Now that you have everything installed, it's time to clone the github repository. Add a new folder to your desired location and give it a descriptive name. Go into your newly created folder and copy the file path. Now open up git bash and type
git clone https://github.com/mawebster9/MachineLearningMadeEasy
and hit enter. This will pull a copy of the repository onto your machine. It is recommended to copy the repo into your python folder.
For additional git bash help, visit https://www.atlassian.com/git/tutorials/git-bash for help with navigating through git bash.
For aditional git help, visit http://guides.beanstalkapp.com/version-control/common-git-commands.html for help with git itself.
Git mimics Linux file structure definitions, so for Windows machines you will need to replace all of the "" to "/"" (example: "C:\Users\Programs\git_repo" should be changed to this "C:/Users/Programs/git_repo") in the file path when using git bash. This is a problem with Windows machines since the directory paths have different syntax structures. You also need to include all file folders and files in double quotes ("Example File Name") if they are not one single word and are broken up by spaces.
Now that you have everything installed, it's time to run the Jupyter Notebooks application. The most important part of this step is to not exit/close out of the powershell window - this will stop the notebook. You can minimize this window but do not close it. As you make changes to the notebook in your browser window, code will be populated in the powershell window but you can ignore this for now.
In the Powershell window, change your directory to be your python folder. I recommend cloning your git repository in this folder. In the powershell command prompt, type
jupyter notebook
You will see output that resembles this:
[I 10:52:50.055 NotebookApp] The Jupyter Notebook is running at:
[I 10:52:50.057 NotebookApp] http://localhost:8888/?token=a59f01953665fe6bb67a64e21ff20d395a8be1ab582813ea
[I 10:52:50.057 NotebookApp] Use Control-C to stop this server and shut down all kernels (twice to skip confirmation).

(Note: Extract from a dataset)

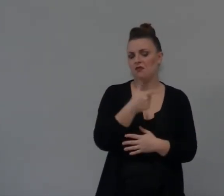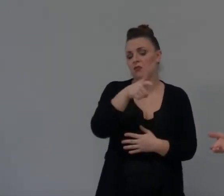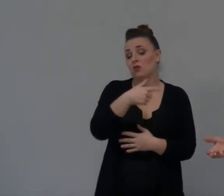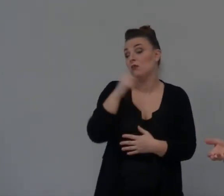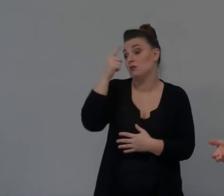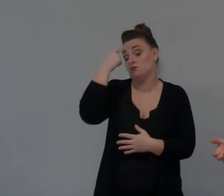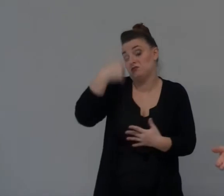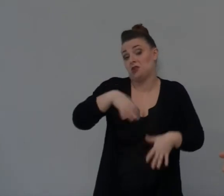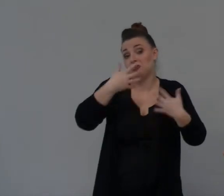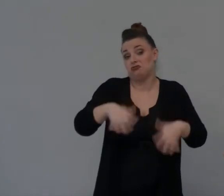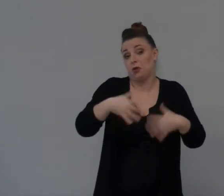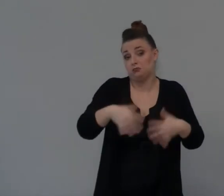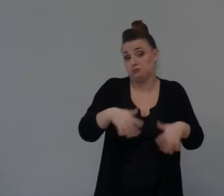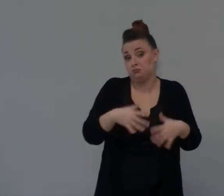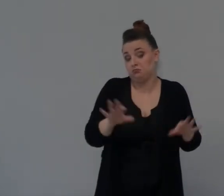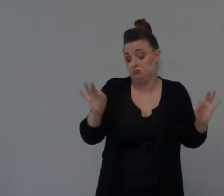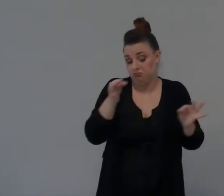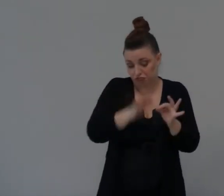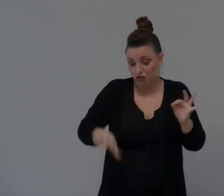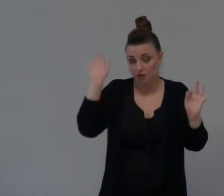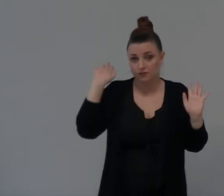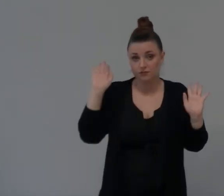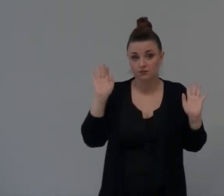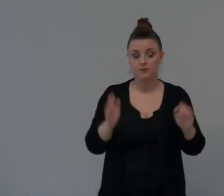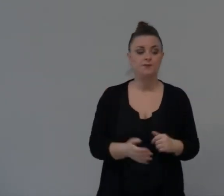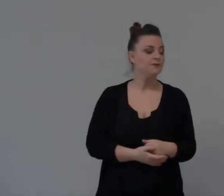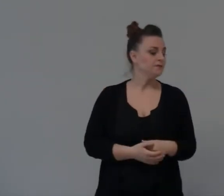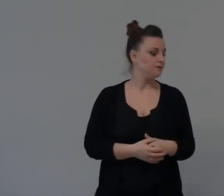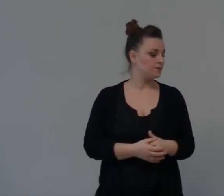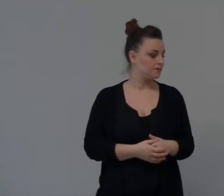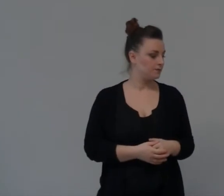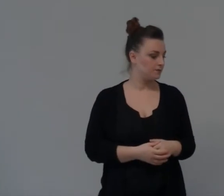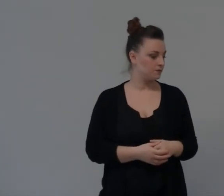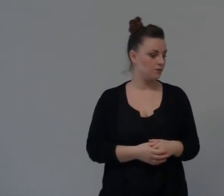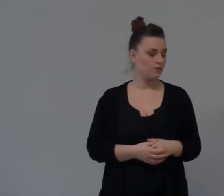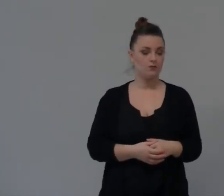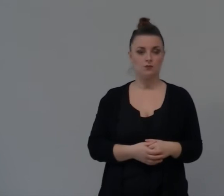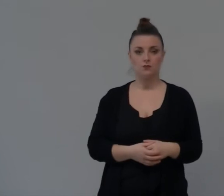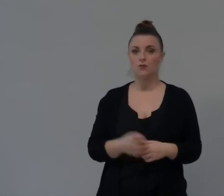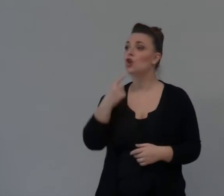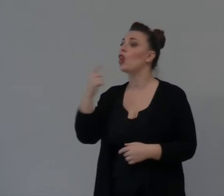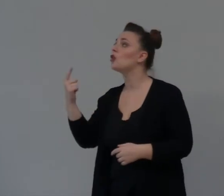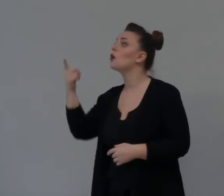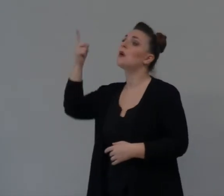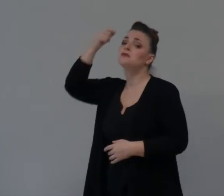Già Sa Quello Di cui Ho Bisogno Prima Che Gli Lo Dica

[C 10:52:50.169 NotebookApp]
This command may automatically open your browser - if it does not, open up a browser and in the website bar type "http://localhose:8888" and hit enter. It will either open directly to the files available to you but if it does not, copy the remaining line after the "token=" on the second line of the output and paste it into the token box on the webpage and hit enter.
Now you have an instance of Jupyter Notebooks on your computer!
To start a new Notebook, select the "New" option at the top and under the "Notebook:" option, select "Python 3". This will open up a new notebook for you. If you wish to access already existing Notebooks, simply click on the notebook you wish to open.
Make sure to save your files often and push any of your changes to git often. I highly recommend you thoroughly document your code to ensure you and others can easily understand what's going on.
If you did not clone the repo into your Python folder, you will need to locate the files you want, copy them to the python folder, follow directions for getting Jupyter Notebooks up and running, do your work, save, then copy all files you changed back to the repo folder, then push changes to git if you wish.